Preheat oven (electric cooker: 200 °C/circulating air: 175 °C/gas: see manufacturer). Separate the eggs for the sponge cake. Beat the egg whites, 4 tablespoons of cold water and 1 pinch of salt until stiff with the whisks of the mixer, adding 100 g of sugar at the end.
Stir in the egg yolks one after the other. Mix flour, starch, cinnamon and baking powder, sieve onto the egg mixture and fold in. Spread on a baking tray lined with baking paper. Bake in a hot oven for 8-10 minutes.
Take the sponge out of the oven. Turn onto a tea towel sprinkled with sugar immediately. Carefully remove the paper. Roll up the short side of the sponge cake using the tea towel and let it cool down.
For the cream, soak gelatine in cold water. Bring the milk to the boil, except for 5 tablespoons. Stir pudding powder, 25 g sugar and the rest of the milk until smooth. Stir into the hot milk, bring to the boil and simmer for about 1 minute while stirring.
Take it off the stove. Squeeze the gelatine. Dissolve in hot pudding while stirring. Put it in a cold place, stirring frequently.

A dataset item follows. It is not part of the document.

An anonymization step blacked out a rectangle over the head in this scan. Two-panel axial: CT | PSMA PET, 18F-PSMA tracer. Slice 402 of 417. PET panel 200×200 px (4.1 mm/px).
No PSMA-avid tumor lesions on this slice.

Chop the chocolate, stir into the pudding. Whip cream until stiff and fold in. Peel and halve bananas and sprinkle with lemon juice. Unroll the sponge cake, spread the pudding cream on top. Place the bananas on the edge along a short side.
Roll up the sponge cake from the banana side using the tea towel. Chill for at least 2 hours. Dust with icing sugar and decorate with caramel spread. Cut diagonally into pieces.